2021年09月26日09:54    來源:學習時報

採訪對象:鄭金沐,1936年1月生,福建莆田人。1959年畢業於廈門大學,高級經濟師。1969年6月到廈門市計委工作。1983年10月任市計委副主任兼市物價委副主任,1985年7月兼任市體改委委員,1986年8月兼任市經濟社會發展戰略研究辦公室主任。后任市體改委副主任、主任,市計委主任。

採 訪 組:沈凌 路也 胥晴

採訪日期:2017年6月5日

採訪地點:廈門賓館

採訪組:鄭主任,習近平同志1985年6月到廈門任副市長,您是市計委副主任。你們是什麼時間見的面?

鄭金沐:近平同志來廈門當副市長以后,找市政府部委辦領導了解情況,第一個找到的人就是我,我感到非常榮幸。當時我雖然不認識他,但我知道他的父親是習仲勛同志,從情感上非常尊重他。他的辦公室在我樓上。我跑到樓上去,他們就跟我介紹說,這是習副市長。近平同志給我的第一個感覺就是個子很高,長得很帥,很平易近人,一點也沒有架子。

那次叫我上去,他要我陪他去工廠調研。我記得他在工廠裡也是很熱情地和職工們打招呼、問情況,非常隨和。

后來聽陪同他去同安縣五峰村(以前是蘇區,鬧革命的地方)的同志說,村支書請近平同志喝茶,當時山裡老百姓用的茶具可沒現在這麼講究,上面都積滿了茶垢,黑不溜秋的,看起來有點臟。以前有領導下來調研,一坐下來,秘書就把保溫杯端過來,喝的都是自己帶來的茶水。沒想到近平同志毫不猶豫非常自然地拿起杯就喝了起來。這個茶杯一端,他和村支書、和村民的距離也就一下子拉近了。我聽了之后很感動。

后來我了解到大家對他的評價,跟我第一次接觸他的感覺是一樣的。我想,這可能跟他在陝北插隊,一直跟農民同吃同住打交道有很大關系。

採訪組:習近平同志初到廈門工作,有沒有跟您交流過他對廈門當時經濟社會發展的初步印象和判斷?

鄭金沐:近平同志沒有直接跟我講過他對廈門的最初印象。他倒是公開講過對廈門的印象,那是慶祝廈門特區成立25周年之際,廈門電視台記者去浙江採訪他,他說,1985年中央組織部調他到廈門工作,他是從中央機關到河北,又從河北過來。他剛到廈門包括到福州,和預想的反差很大。因為他以前從來沒有到過福建,總的感覺不像想象中認為的那樣開放和先進,特別是從基礎設施上看,從市容市貌上看,當時廈門確實是相對比較落后。有很多人到了廈門,感覺特區怎麼是這個樣子。所以,近平同志說:“在開始的過程中,工作之艱難是可以想象的。”

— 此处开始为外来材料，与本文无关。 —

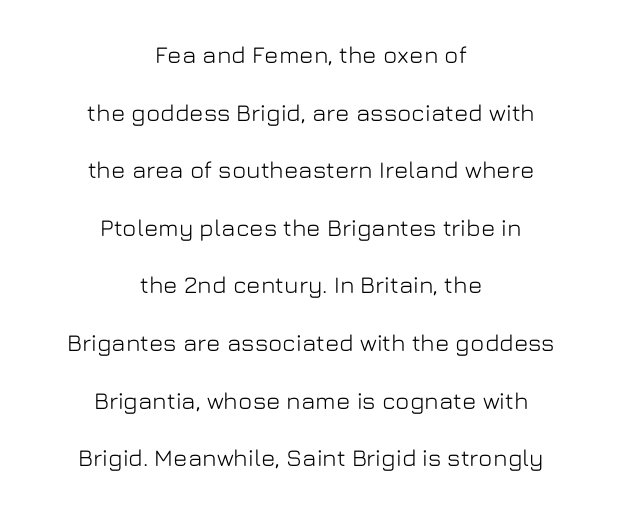
Q: Is the text italic (slanted)? A: No, it is upright.
Q: Is the text underlined? A: No.
Q: How is the paragraph aligned? A: Centered.
Q: Is the spacing between letters normal or unusually wide? A: Normal.
Q: Is the spacing between lines tight, normal or loose? A: Loose.

不僅是物質條件的落后,當時還有人說廈門是一個海島,廈門人的一些思維方式被稱為“島民意識”“海島意識”。因此,相比別的特區,廈門經濟特區的創建工作需要付出更大的努力,那就是觀念上的更新。回首廈門經濟特區25年走過的不平凡歷程,近平同志對內涵豐富的廈門精神給予了高度評價。他說,廈門的人民群眾是廈門建設的主體,多年來廈門的建設都離不開廈門人民的辛勤努力。廈門的同志創造了很多精神,最早是陳嘉庚精神,50年代有海堤精神,還有英雄三島精神、鼓浪嶼好八連精神、馬塘精神,等等。這些凝聚成了一種艱苦奮斗、拼搏創新的廈門精神。曾幾何時,改革開放這樣一種東風,全方位的開放,廈門人樹立了一種改革開放的廈門精神,這裡邊有自力更生,這裡邊有銳意創新,這裡邊有一種包容並蓄、大氣和諧的內涵。廈門也從一個封閉的海防城市,建設成現代化的海上花園,為人所羨慕的一個美麗現代化城市。

採訪組:1985年,習近平同志力促成立廈門經濟信息中心,打造宏觀經濟的“千裡眼”。請您談談整個建設過程。

鄭金沐:近平同志對廈門經濟信息中心建設非常重視。根據國家和省裡對經濟信息管理系統的規范和要求,廈門1984年就開始籌建這樣一個信息中心,當時叫計算機站,1985年改為現在這個名稱。

近平同志對廈門經濟信息中心的籌建工作抓得非常緊,一環扣一環地推進。他認為,特區要發展市場經濟,參加國際經濟大循環,光有機場、碼頭、通訊設施是不夠的,還要打造宏觀的“千裡眼”,准確及時地掌握國內外經濟信息。因此他非常重視市經濟信息中心的建設,成立了廈門市經濟信息管理領導小組,親自擔任組長,並把經濟信息中心建設列為廈門市基礎設施八大工程之一。

市裡委托一家企業設計了總體方案,近平同志組織國內75名計算機和經濟學方面的專家來廈門進行論証。要干事就要有人,我們這個信息中心是從計算機站發展起來的,開始隻有十幾個人。要搞這麼大的系統,十幾個人干不了。於是市裡就批了120人的編制。編制解決了,還要解決辦公場所,於是又撥款買了七層樓,一共5040平方米。

在近平同志力促之下,市經濟信息中心很快就建立起來了。國家計委信息辦非常滿意,把廈門經濟信息中心列為全國試點單位。到現在,信息中心運行已經30多年了,對推進廈門的信息化、加快電子政務建設發揮了很大作用,給廈門解決了“千裡眼”的問題。

我認為,近平同志當時的考慮是非常超前而又非常周到的。在一般人看來,一個城市能建飛機場就可以了,哪裡還能想到要建什麼信息中心。別人看來是可有可無的事情,他卻認為勢在必行,還把它列為全市八大工程之一。這就是他的過人之處。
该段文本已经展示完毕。